"""

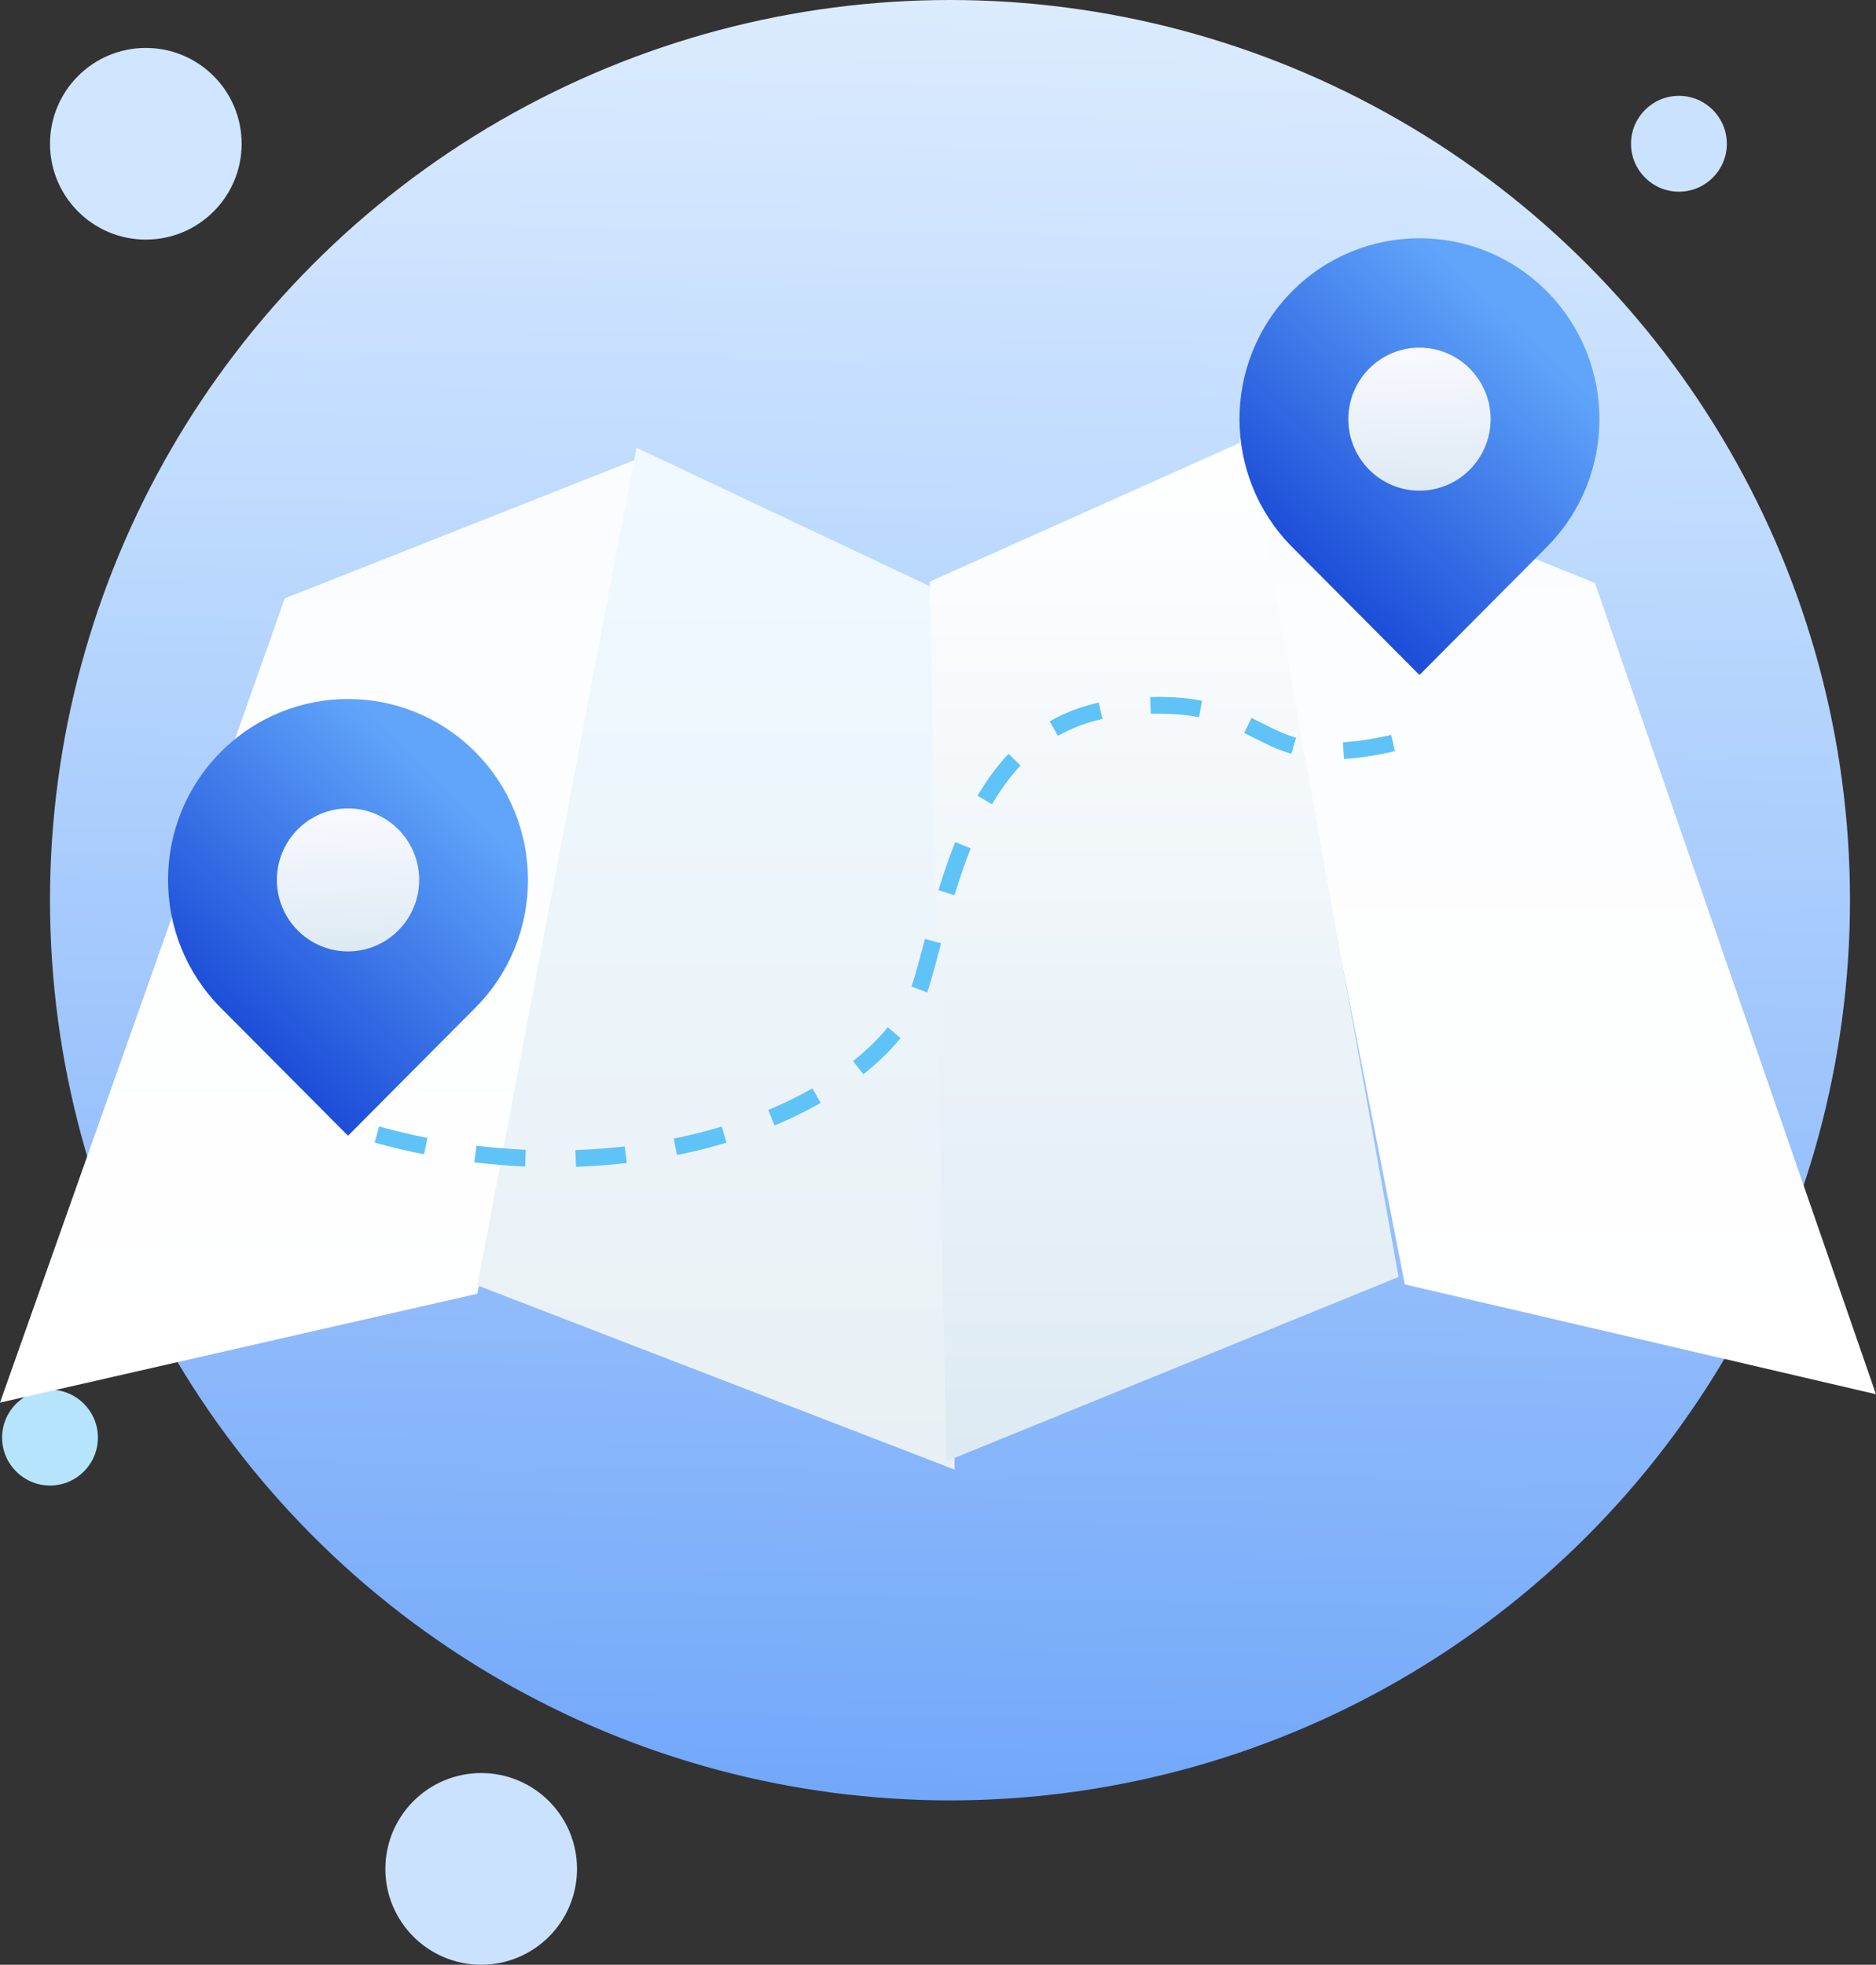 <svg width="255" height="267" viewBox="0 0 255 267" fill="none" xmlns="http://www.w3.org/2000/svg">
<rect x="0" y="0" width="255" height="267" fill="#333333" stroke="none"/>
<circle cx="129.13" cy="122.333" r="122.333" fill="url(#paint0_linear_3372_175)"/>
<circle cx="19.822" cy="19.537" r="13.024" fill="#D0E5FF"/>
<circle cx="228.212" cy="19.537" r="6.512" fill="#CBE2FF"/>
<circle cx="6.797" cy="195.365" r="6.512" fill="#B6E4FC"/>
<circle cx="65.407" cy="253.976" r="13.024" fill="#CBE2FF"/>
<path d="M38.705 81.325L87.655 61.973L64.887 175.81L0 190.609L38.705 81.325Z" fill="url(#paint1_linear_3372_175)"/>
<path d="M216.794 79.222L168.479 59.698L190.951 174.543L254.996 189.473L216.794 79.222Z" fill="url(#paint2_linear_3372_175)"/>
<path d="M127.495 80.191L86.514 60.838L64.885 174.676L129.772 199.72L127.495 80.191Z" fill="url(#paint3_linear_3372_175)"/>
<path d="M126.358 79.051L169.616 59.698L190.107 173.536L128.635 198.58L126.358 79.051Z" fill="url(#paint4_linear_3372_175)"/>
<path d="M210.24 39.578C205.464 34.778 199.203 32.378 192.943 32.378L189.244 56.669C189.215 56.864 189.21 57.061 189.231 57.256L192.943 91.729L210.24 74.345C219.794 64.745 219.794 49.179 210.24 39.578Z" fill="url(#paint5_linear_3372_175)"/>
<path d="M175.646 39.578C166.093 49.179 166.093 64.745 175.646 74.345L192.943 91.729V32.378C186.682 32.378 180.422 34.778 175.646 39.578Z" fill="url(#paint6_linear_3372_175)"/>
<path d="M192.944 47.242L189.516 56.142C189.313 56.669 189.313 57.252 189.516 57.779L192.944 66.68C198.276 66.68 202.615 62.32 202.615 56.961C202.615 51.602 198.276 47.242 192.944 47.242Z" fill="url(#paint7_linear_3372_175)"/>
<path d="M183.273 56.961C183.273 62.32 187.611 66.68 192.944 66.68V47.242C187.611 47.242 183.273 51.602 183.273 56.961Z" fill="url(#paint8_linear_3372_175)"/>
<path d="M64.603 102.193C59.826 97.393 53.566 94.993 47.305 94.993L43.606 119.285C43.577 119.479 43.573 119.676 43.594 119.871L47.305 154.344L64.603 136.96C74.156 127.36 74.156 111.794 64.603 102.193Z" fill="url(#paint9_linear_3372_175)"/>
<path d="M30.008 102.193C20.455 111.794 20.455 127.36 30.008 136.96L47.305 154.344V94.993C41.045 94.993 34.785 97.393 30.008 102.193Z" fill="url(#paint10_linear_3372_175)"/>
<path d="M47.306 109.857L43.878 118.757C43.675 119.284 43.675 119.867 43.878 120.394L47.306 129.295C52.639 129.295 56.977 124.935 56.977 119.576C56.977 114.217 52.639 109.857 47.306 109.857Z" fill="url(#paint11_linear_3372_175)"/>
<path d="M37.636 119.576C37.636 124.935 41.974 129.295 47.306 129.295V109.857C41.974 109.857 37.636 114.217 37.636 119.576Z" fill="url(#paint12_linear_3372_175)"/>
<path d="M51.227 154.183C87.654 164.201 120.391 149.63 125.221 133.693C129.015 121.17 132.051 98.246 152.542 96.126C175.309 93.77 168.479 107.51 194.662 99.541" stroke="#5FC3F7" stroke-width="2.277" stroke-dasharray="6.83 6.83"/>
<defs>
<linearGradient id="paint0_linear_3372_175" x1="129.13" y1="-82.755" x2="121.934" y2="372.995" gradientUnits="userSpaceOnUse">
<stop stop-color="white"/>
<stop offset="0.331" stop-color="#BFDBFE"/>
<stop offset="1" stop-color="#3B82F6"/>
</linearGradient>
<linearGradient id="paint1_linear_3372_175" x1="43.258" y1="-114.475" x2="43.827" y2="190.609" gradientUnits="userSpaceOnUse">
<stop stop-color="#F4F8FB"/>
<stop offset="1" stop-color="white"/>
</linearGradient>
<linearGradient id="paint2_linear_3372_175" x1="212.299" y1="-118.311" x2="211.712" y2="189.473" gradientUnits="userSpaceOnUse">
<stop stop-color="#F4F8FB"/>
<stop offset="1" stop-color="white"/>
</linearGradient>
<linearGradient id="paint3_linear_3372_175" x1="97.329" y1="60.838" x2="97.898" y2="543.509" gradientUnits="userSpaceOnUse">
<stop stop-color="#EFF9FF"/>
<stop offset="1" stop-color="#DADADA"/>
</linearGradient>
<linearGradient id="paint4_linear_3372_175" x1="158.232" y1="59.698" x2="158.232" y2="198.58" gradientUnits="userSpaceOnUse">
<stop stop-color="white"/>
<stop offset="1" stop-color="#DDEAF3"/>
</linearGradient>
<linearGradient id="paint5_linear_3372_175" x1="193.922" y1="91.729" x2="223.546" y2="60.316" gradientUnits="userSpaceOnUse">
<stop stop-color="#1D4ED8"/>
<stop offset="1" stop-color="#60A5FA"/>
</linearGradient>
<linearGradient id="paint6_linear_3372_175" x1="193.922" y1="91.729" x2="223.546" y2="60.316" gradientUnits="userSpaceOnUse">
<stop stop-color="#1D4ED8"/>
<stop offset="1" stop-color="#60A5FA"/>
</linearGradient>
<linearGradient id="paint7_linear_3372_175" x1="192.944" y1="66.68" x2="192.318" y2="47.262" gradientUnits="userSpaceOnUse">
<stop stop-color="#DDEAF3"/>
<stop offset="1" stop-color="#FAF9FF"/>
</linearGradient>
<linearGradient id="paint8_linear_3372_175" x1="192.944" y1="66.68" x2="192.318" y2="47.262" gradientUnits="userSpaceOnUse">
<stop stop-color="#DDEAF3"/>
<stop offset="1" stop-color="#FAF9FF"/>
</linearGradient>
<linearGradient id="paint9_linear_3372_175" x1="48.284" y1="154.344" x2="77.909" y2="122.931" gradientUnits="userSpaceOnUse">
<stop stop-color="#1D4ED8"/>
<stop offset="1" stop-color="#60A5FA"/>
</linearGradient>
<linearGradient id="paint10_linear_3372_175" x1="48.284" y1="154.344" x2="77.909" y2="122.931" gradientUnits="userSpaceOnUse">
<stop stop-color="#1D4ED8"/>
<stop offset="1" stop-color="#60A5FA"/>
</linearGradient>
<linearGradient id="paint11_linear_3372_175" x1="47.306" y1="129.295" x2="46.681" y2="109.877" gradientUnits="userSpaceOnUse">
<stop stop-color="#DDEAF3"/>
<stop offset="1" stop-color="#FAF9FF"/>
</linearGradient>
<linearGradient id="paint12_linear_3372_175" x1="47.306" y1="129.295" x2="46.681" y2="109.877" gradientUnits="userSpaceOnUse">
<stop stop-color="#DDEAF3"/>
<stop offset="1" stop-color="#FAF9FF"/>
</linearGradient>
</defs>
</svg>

"""

» **EXERCISE DETAILS**
Copy all the material above exactly, but skip each image.

» **RESULT FOR THIS TASK**
 <svg width="255" height="267" viewBox="0 0 255 267" fill="none" xmlns="http://www.w3.org/2000/svg">
<rect x="0" y="0" width="255" height="267" fill="#333333" stroke="none"/>
<circle cx="129.13" cy="122.333" r="122.333" fill="url(#paint0_linear_3372_175)"/>
<circle cx="19.822" cy="19.537" r="13.024" fill="#D0E5FF"/>
<circle cx="228.212" cy="19.537" r="6.512" fill="#CBE2FF"/>
<circle cx="6.797" cy="195.365" r="6.512" fill="#B6E4FC"/>
<circle cx="65.407" cy="253.976" r="13.024" fill="#CBE2FF"/>
<path d="M38.705 81.325L87.655 61.973L64.887 175.81L0 190.609L38.705 81.325Z" fill="url(#paint1_linear_3372_175)"/>
<path d="M216.794 79.222L168.479 59.698L190.951 174.543L254.996 189.473L216.794 79.222Z" fill="url(#paint2_linear_3372_175)"/>
<path d="M127.495 80.191L86.514 60.838L64.885 174.676L129.772 199.72L127.495 80.191Z" fill="url(#paint3_linear_3372_175)"/>
<path d="M126.358 79.051L169.616 59.698L190.107 173.536L128.635 198.58L126.358 79.051Z" fill="url(#paint4_linear_3372_175)"/>
<path d="M210.24 39.578C205.464 34.778 199.203 32.378 192.943 32.378L189.244 56.669C189.215 56.864 189.21 57.061 189.231 57.256L192.943 91.729L210.24 74.345C219.794 64.745 219.794 49.179 210.24 39.578Z" fill="url(#paint5_linear_3372_175)"/>
<path d="M175.646 39.578C166.093 49.179 166.093 64.745 175.646 74.345L192.943 91.729V32.378C186.682 32.378 180.422 34.778 175.646 39.578Z" fill="url(#paint6_linear_3372_175)"/>
<path d="M192.944 47.242L189.516 56.142C189.313 56.669 189.313 57.252 189.516 57.779L192.944 66.68C198.276 66.68 202.615 62.32 202.615 56.961C202.615 51.602 198.276 47.242 192.944 47.242Z" fill="url(#paint7_linear_3372_175)"/>
<path d="M183.273 56.961C183.273 62.32 187.611 66.68 192.944 66.68V47.242C187.611 47.242 183.273 51.602 183.273 56.961Z" fill="url(#paint8_linear_3372_175)"/>
<path d="M64.603 102.193C59.826 97.393 53.566 94.993 47.305 94.993L43.606 119.285C43.577 119.479 43.573 119.676 43.594 119.871L47.305 154.344L64.603 136.96C74.156 127.36 74.156 111.794 64.603 102.193Z" fill="url(#paint9_linear_3372_175)"/>
<path d="M30.008 102.193C20.455 111.794 20.455 127.36 30.008 136.96L47.305 154.344V94.993C41.045 94.993 34.785 97.393 30.008 102.193Z" fill="url(#paint10_linear_3372_175)"/>
<path d="M47.306 109.857L43.878 118.757C43.675 119.284 43.675 119.867 43.878 120.394L47.306 129.295C52.639 129.295 56.977 124.935 56.977 119.576C56.977 114.217 52.639 109.857 47.306 109.857Z" fill="url(#paint11_linear_3372_175)"/>
<path d="M37.636 119.576C37.636 124.935 41.974 129.295 47.306 129.295V109.857C41.974 109.857 37.636 114.217 37.636 119.576Z" fill="url(#paint12_linear_3372_175)"/>
<path d="M51.227 154.183C87.654 164.201 120.391 149.63 125.221 133.693C129.015 121.17 132.051 98.246 152.542 96.126C175.309 93.77 168.479 107.51 194.662 99.541" stroke="#5FC3F7" stroke-width="2.277" stroke-dasharray="6.83 6.83"/>
<defs>
<linearGradient id="paint0_linear_3372_175" x1="129.13" y1="-82.755" x2="121.934" y2="372.995" gradientUnits="userSpaceOnUse">
<stop stop-color="white"/>
<stop offset="0.331" stop-color="#BFDBFE"/>
<stop offset="1" stop-color="#3B82F6"/>
</linearGradient>
<linearGradient id="paint1_linear_3372_175" x1="43.258" y1="-114.475" x2="43.827" y2="190.609" gradientUnits="userSpaceOnUse">
<stop stop-color="#F4F8FB"/>
<stop offset="1" stop-color="white"/>
</linearGradient>
<linearGradient id="paint2_linear_3372_175" x1="212.299" y1="-118.311" x2="211.712" y2="189.473" gradientUnits="userSpaceOnUse">
<stop stop-color="#F4F8FB"/>
<stop offset="1" stop-color="white"/>
</linearGradient>
<linearGradient id="paint3_linear_3372_175" x1="97.329" y1="60.838" x2="97.898" y2="543.509" gradientUnits="userSpaceOnUse">
<stop stop-color="#EFF9FF"/>
<stop offset="1" stop-color="#DADADA"/>
</linearGradient>
<linearGradient id="paint4_linear_3372_175" x1="158.232" y1="59.698" x2="158.232" y2="198.58" gradientUnits="userSpaceOnUse">
<stop stop-color="white"/>
<stop offset="1" stop-color="#DDEAF3"/>
</linearGradient>
<linearGradient id="paint5_linear_3372_175" x1="193.922" y1="91.729" x2="223.546" y2="60.316" gradientUnits="userSpaceOnUse">
<stop stop-color="#1D4ED8"/>
<stop offset="1" stop-color="#60A5FA"/>
</linearGradient>
<linearGradient id="paint6_linear_3372_175" x1="193.922" y1="91.729" x2="223.546" y2="60.316" gradientUnits="userSpaceOnUse">
<stop stop-color="#1D4ED8"/>
<stop offset="1" stop-color="#60A5FA"/>
</linearGradient>
<linearGradient id="paint7_linear_3372_175" x1="192.944" y1="66.68" x2="192.318" y2="47.262" gradientUnits="userSpaceOnUse">
<stop stop-color="#DDEAF3"/>
<stop offset="1" stop-color="#FAF9FF"/>
</linearGradient>
<linearGradient id="paint8_linear_3372_175" x1="192.944" y1="66.68" x2="192.318" y2="47.262" gradientUnits="userSpaceOnUse">
<stop stop-color="#DDEAF3"/>
<stop offset="1" stop-color="#FAF9FF"/>
</linearGradient>
<linearGradient id="paint9_linear_3372_175" x1="48.284" y1="154.344" x2="77.909" y2="122.931" gradientUnits="userSpaceOnUse">
<stop stop-color="#1D4ED8"/>
<stop offset="1" stop-color="#60A5FA"/>
</linearGradient>
<linearGradient id="paint10_linear_3372_175" x1="48.284" y1="154.344" x2="77.909" y2="122.931" gradientUnits="userSpaceOnUse">
<stop stop-color="#1D4ED8"/>
<stop offset="1" stop-color="#60A5FA"/>
</linearGradient>
<linearGradient id="paint11_linear_3372_175" x1="47.306" y1="129.295" x2="46.681" y2="109.877" gradientUnits="userSpaceOnUse">
<stop stop-color="#DDEAF3"/>
<stop offset="1" stop-color="#FAF9FF"/>
</linearGradient>
<linearGradient id="paint12_linear_3372_175" x1="47.306" y1="129.295" x2="46.681" y2="109.877" gradientUnits="userSpaceOnUse">
<stop stop-color="#DDEAF3"/>
<stop offset="1" stop-color="#FAF9FF"/>
</linearGradient>
</defs>
</svg>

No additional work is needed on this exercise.